55 year old male with hepatitis B related chronic liver disease on follow up CT scan with three sets of image datasets for analysis. a. Polychromatic routine dynamic arterial phase image to depict faintly enhancing lesion in segment IV of liver (bold arrow). b. Monochromatic image viewed at 55 keV from the spectrum of images derived between 40 to 140 kVp with lesion conspicuity more than previous routine image (bold arrow). c. Material decomposition image showing Iodine containing structures with rest of the components appearing suppressed, the focal lesion (bold arrow) shows iodine enhancement on the Iodine map.
Fig. 2.
55 year old male with hepatitis B related chronic liver disease on follow up CT scan showing axial section of the superior aspect of the liver in the arterial phase with spectral HU curve of enhancing lesion. a. Axial section of the superior aspect of liver showing ROI’s in the enhancing portion of the liver lesion labeled as (1), the surrounding liver parenchyma as (3) and within the aortic lumen as (2). b Spectral HU curve of the same lesion denoting the normalized aorta on the top of the graph (bold vertical arrow), the graph of the liver lesion in comparison to the normalized aorta (horizontal arrow without fill) and the normal liver curve (vertical arrow without fill).
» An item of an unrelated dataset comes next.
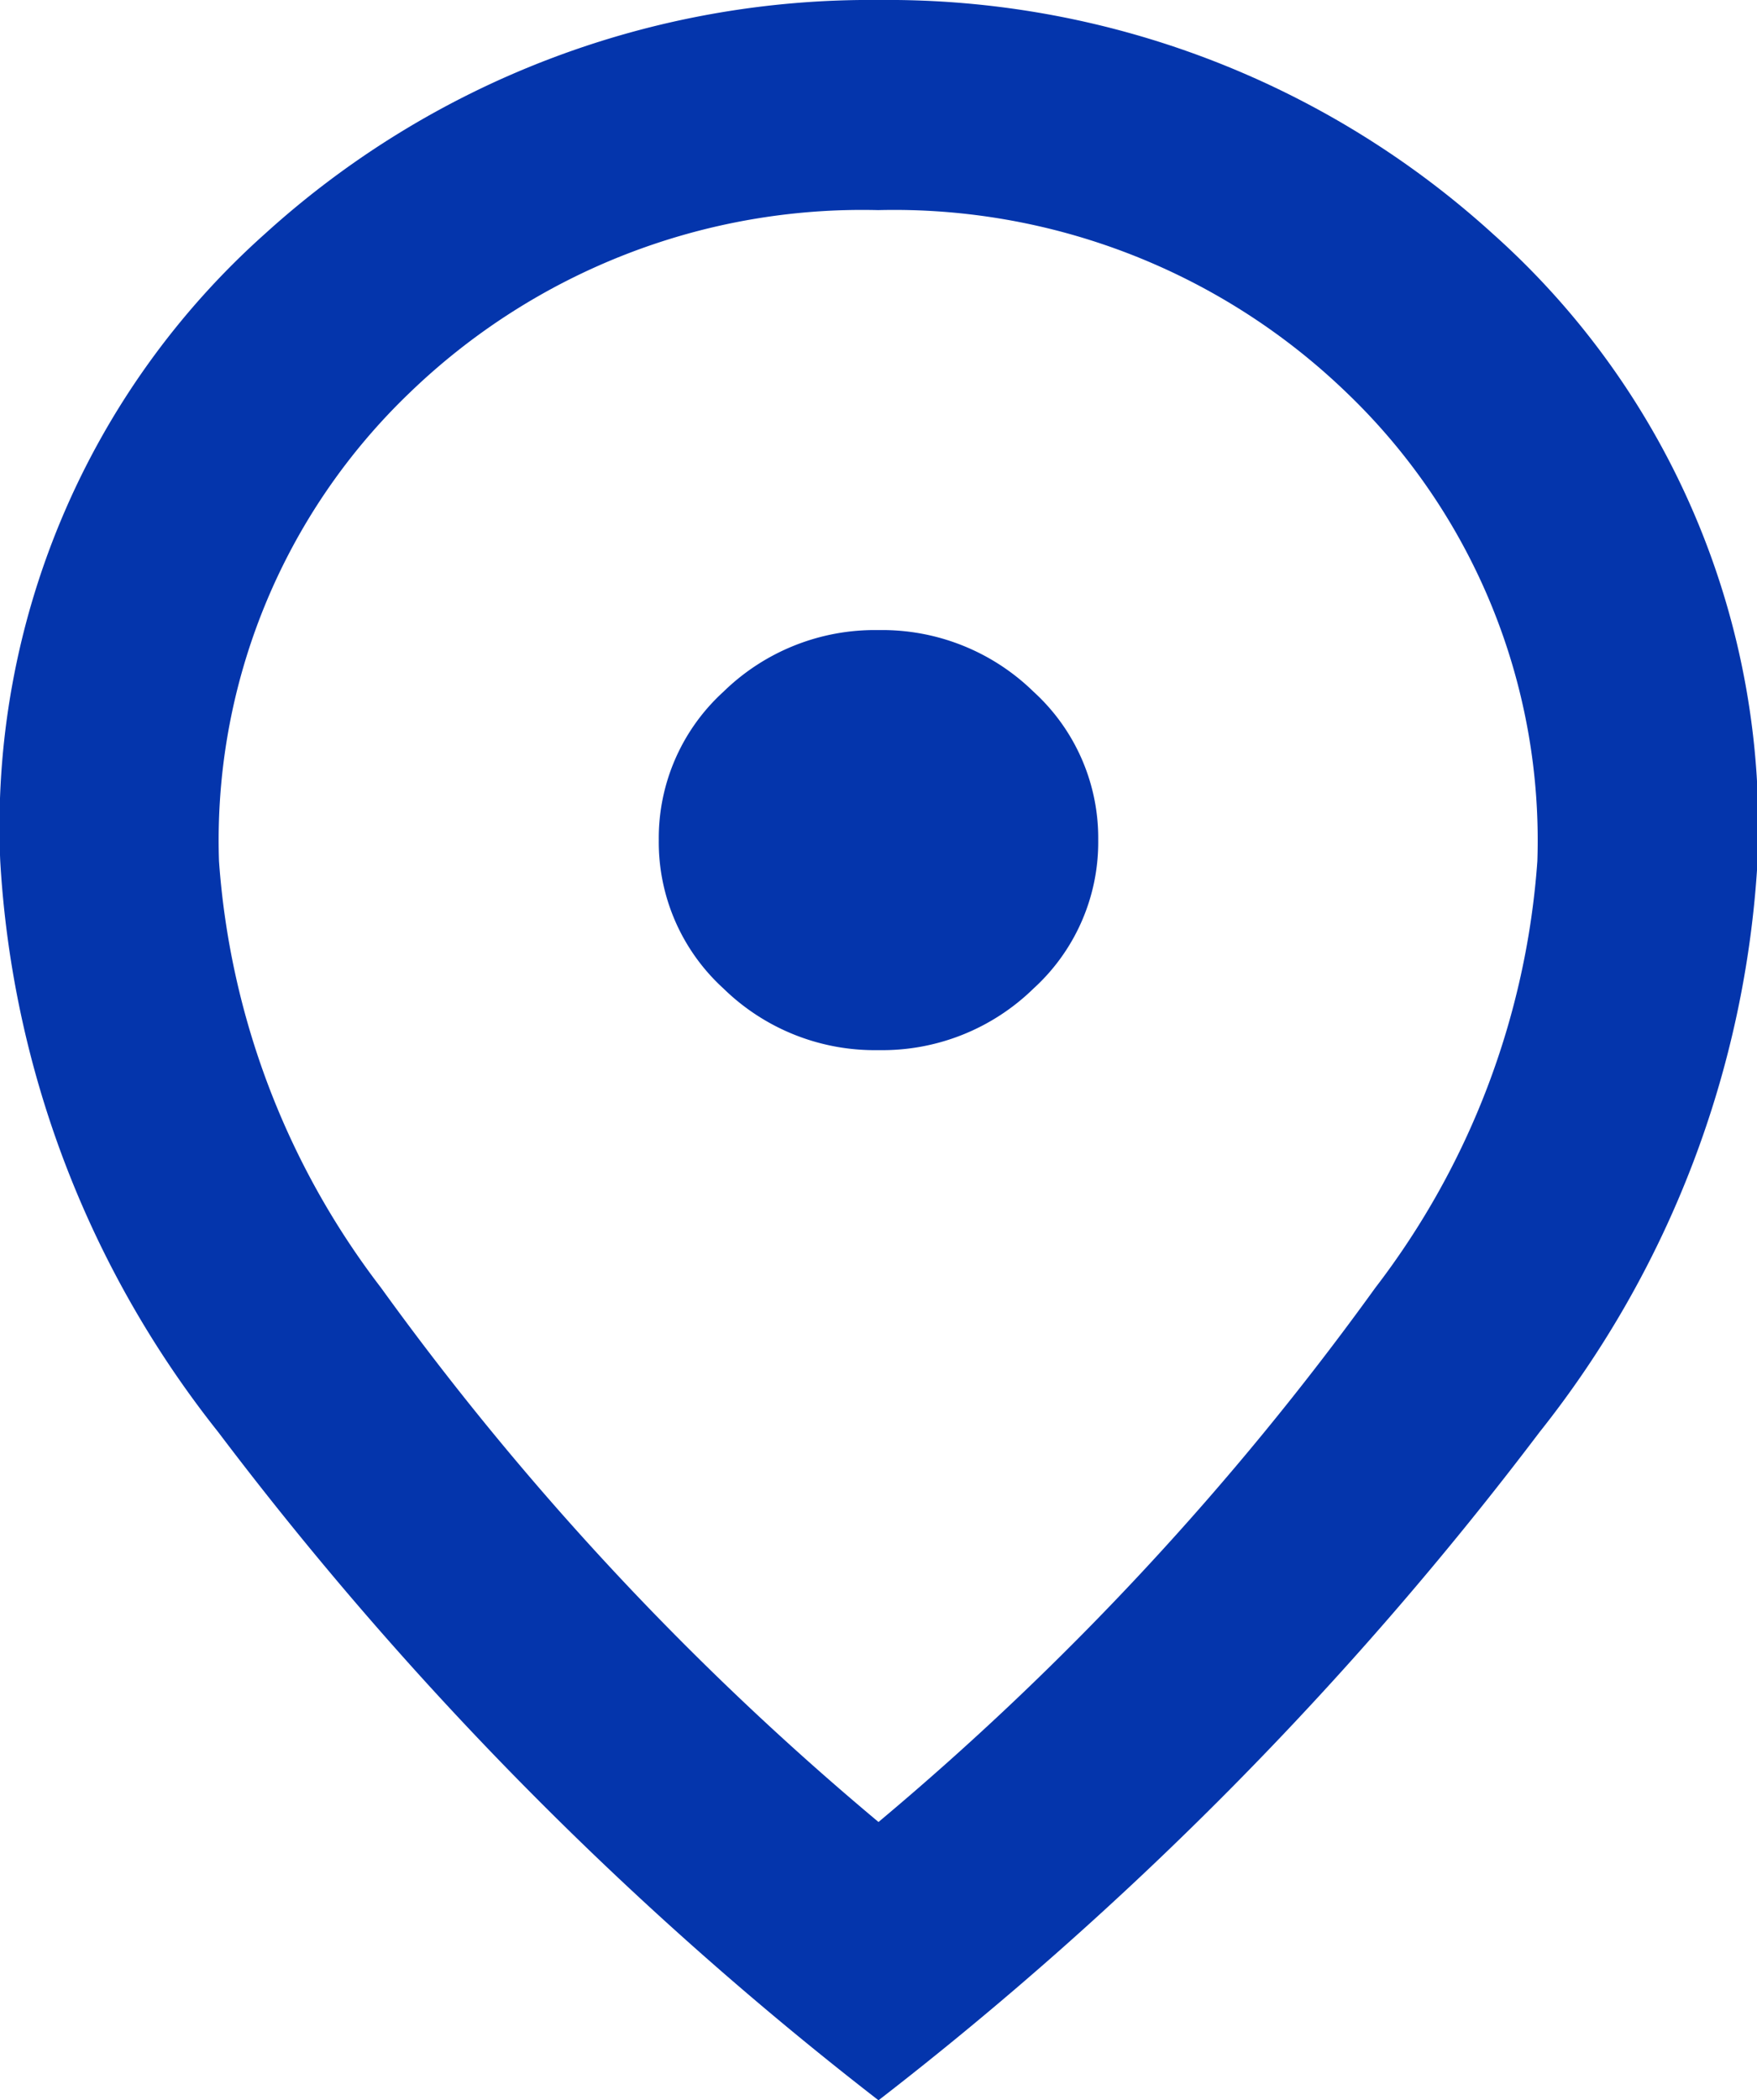 <svg xmlns="http://www.w3.org/2000/svg" width="21.758" height="26" viewBox="0 0 21.758 26">
  <path id="location_on_24dp_1F1F1F_FILL0_wght400_GRAD0_opsz24" d="M170.879-867a2.68,2.68,0,0,0,1.921-.764,2.45,2.45,0,0,0,.8-1.836,2.45,2.45,0,0,0-.8-1.836,2.681,2.681,0,0,0-1.921-.764,2.681,2.681,0,0,0-1.921.764,2.45,2.45,0,0,0-.8,1.836,2.45,2.45,0,0,0,.8,1.836A2.68,2.68,0,0,0,170.879-867Zm0,9.555a36.339,36.339,0,0,0,6.153-6.614,9.813,9.813,0,0,0,2.006-5.281,7.671,7.671,0,0,0-2.363-5.8,8.071,8.071,0,0,0-5.8-2.259,8.071,8.071,0,0,0-5.8,2.259,7.671,7.671,0,0,0-2.363,5.8,9.813,9.813,0,0,0,2.006,5.281A36.339,36.339,0,0,0,170.879-857.445Zm0,3.445a44.075,44.075,0,0,1-8.176-8.271,12.511,12.511,0,0,1-2.7-7.069,9.836,9.836,0,0,1,3.281-7.768,11.142,11.142,0,0,1,7.6-2.892,11.142,11.142,0,0,1,7.6,2.892,9.836,9.836,0,0,1,3.281,7.768,12.511,12.511,0,0,1-2.7,7.069A44.075,44.075,0,0,1,170.879-854ZM170.879-869.6Z" transform="translate(-160 880)" fill="#0435ac"/>
</svg>

The qualitative analysis of lesion visibility and conspicuity was graded on an ascending scale of 1–5 with Grade 1 indicating poor visualization of lesion, Grade 2: lesion visualized however arterial enhancement absent, Grade3: adequate visualization of lesion with mild arterial enhancement, Grade 4: adequate visualization of lesion with moderate arterial enhancement and Grade 5 indicative of excellent lesion visualization with bright arterial enhancement. The sets of monochromatic images described above and the Iodine-based material-decomposition datasets were taken into consideration. These were independently read by two radiologists (YV, STL) with experience in hepatobiliary CT imaging for 5 and 10 years respectively. Qualitative analysis of lesion conspicuity with the same grading system was done on the polychromatic images acquired from routine CT data and both data were compared using agreement analysis, Interclass correlation (ICC) with 95% confidence intervals and Bland-Altmann graphs.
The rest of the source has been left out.